==== TASK INPUT

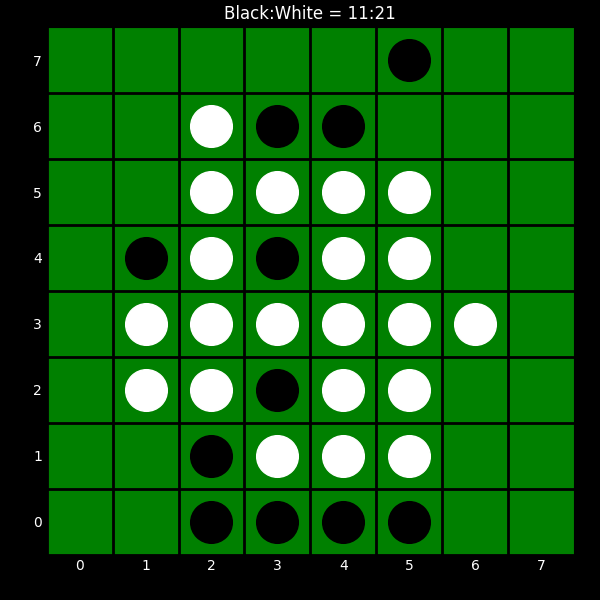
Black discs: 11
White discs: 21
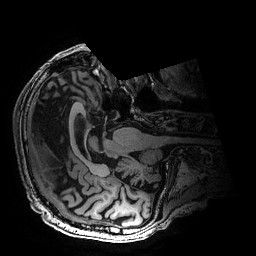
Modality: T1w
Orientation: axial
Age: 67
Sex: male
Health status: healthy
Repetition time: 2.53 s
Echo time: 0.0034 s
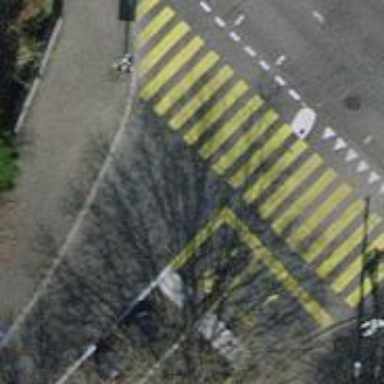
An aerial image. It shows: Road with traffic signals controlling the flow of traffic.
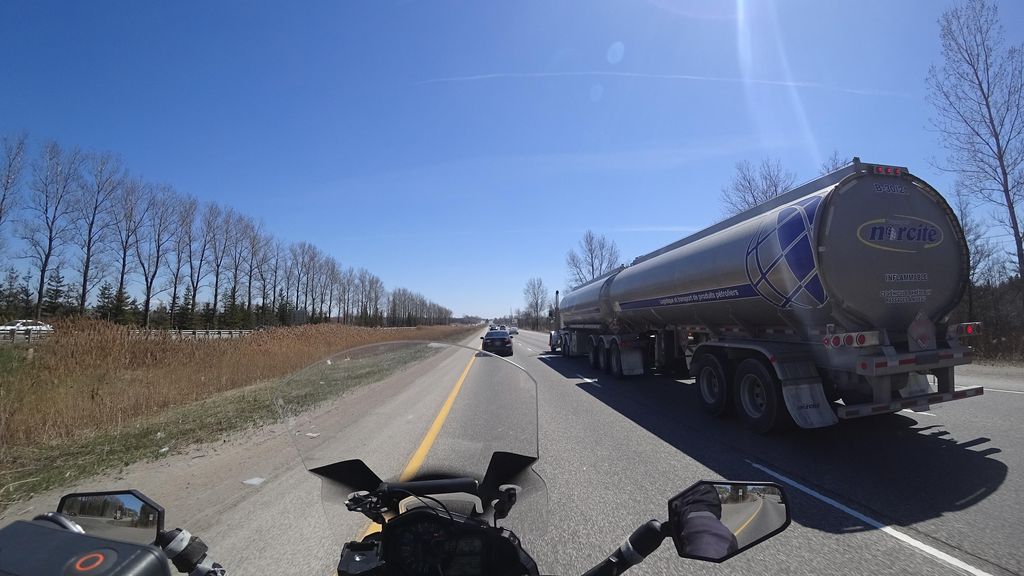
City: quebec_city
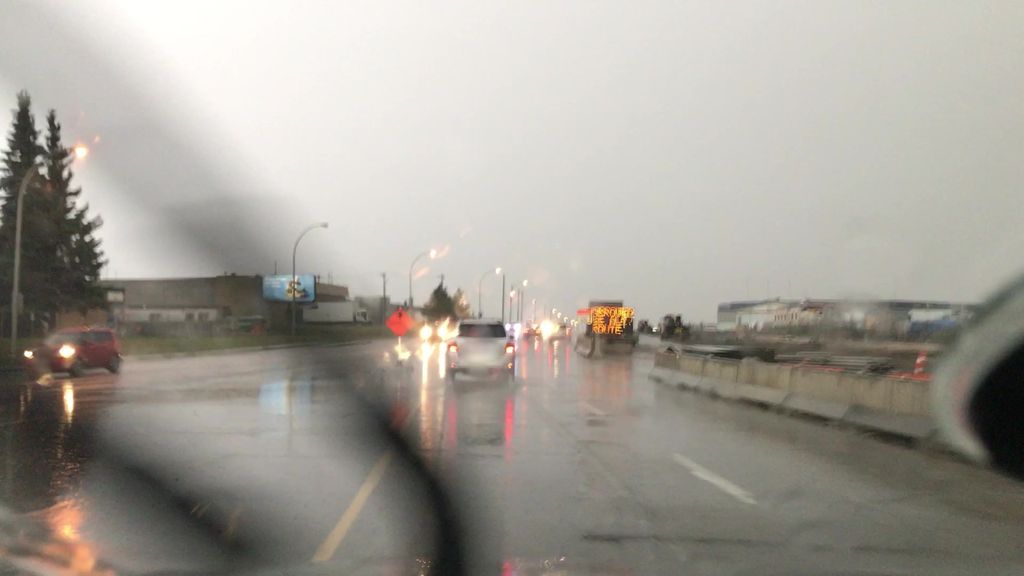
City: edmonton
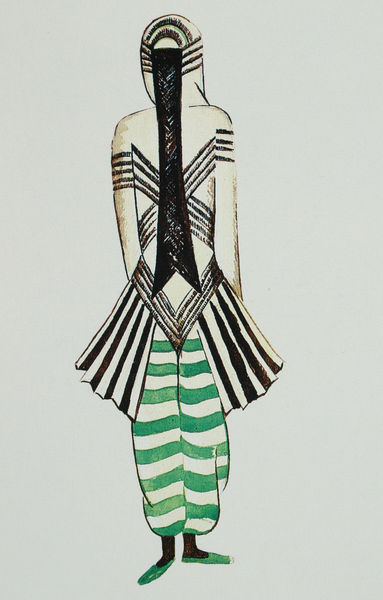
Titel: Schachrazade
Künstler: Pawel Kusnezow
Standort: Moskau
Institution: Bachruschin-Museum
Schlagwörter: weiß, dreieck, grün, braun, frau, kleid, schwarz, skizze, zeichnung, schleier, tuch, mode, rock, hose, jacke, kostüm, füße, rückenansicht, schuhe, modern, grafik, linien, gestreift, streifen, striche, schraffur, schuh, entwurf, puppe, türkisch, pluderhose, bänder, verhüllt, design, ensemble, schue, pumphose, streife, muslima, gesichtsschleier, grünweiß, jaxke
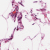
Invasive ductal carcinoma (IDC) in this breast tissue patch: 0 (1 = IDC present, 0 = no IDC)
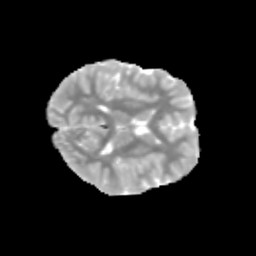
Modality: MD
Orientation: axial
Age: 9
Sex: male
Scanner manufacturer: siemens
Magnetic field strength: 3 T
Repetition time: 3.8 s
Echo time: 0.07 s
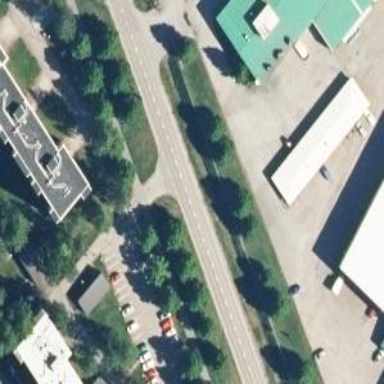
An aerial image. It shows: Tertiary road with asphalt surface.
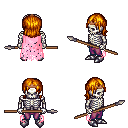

========
==== TASK INPUT

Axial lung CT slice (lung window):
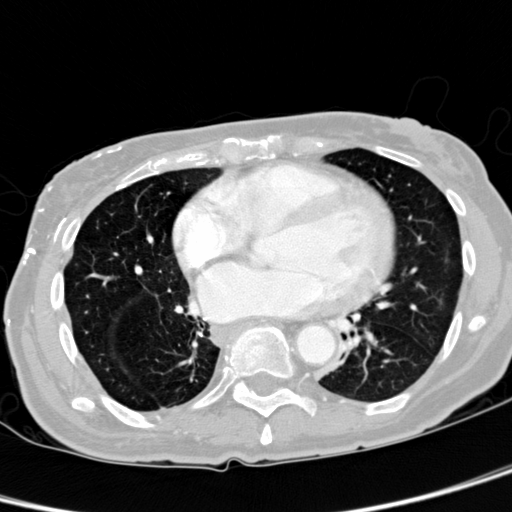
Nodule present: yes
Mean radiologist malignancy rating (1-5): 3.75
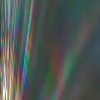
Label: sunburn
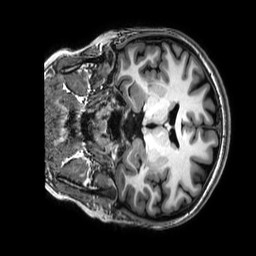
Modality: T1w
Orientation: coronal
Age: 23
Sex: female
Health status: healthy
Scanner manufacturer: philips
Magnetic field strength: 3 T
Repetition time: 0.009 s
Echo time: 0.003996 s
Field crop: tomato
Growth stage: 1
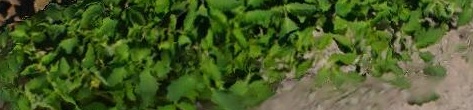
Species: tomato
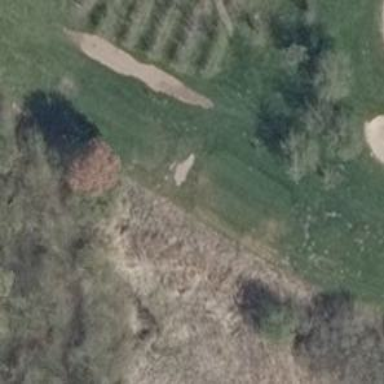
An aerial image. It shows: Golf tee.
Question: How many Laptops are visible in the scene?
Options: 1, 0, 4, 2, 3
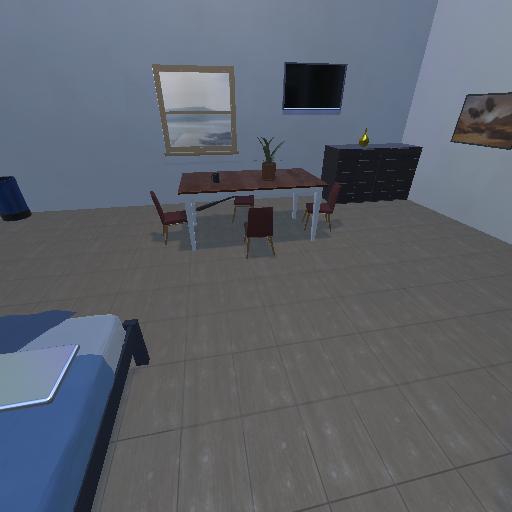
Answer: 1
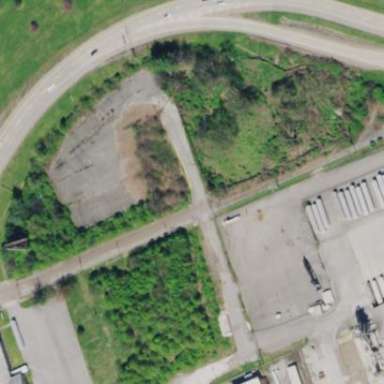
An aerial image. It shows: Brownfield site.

========
==== TASK INPUT

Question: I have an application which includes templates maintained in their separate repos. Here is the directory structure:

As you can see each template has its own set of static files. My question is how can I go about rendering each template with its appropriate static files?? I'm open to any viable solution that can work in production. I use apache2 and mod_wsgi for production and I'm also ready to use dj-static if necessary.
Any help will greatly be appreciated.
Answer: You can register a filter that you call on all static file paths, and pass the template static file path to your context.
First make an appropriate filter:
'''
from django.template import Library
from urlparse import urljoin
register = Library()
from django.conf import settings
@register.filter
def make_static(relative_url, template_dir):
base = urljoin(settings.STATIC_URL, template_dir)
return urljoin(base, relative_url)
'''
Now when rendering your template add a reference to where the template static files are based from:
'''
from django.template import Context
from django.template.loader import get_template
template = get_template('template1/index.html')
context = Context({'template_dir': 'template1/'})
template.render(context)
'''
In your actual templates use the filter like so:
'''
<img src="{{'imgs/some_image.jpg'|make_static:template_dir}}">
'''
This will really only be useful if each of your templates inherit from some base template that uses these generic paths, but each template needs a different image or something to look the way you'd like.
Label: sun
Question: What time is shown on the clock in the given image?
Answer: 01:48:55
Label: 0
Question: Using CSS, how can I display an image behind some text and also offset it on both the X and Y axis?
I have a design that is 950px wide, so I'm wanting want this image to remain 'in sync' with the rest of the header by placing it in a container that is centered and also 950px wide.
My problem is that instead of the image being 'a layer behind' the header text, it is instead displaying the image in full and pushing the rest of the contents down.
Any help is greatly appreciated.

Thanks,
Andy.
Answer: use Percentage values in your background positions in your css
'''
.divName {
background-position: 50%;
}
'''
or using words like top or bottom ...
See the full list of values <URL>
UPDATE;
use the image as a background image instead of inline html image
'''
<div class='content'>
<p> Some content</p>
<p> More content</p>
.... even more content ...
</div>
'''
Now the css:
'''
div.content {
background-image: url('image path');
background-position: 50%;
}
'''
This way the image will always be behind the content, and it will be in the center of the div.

========

* [WORK TASK]
Search the listing above for the string "Repetition" and copy each line that has it.

* [EXERCISE RESULT]
Repetition time: 2.53 s
Repetition time: 3.8 s
Repetition time: 0.009 s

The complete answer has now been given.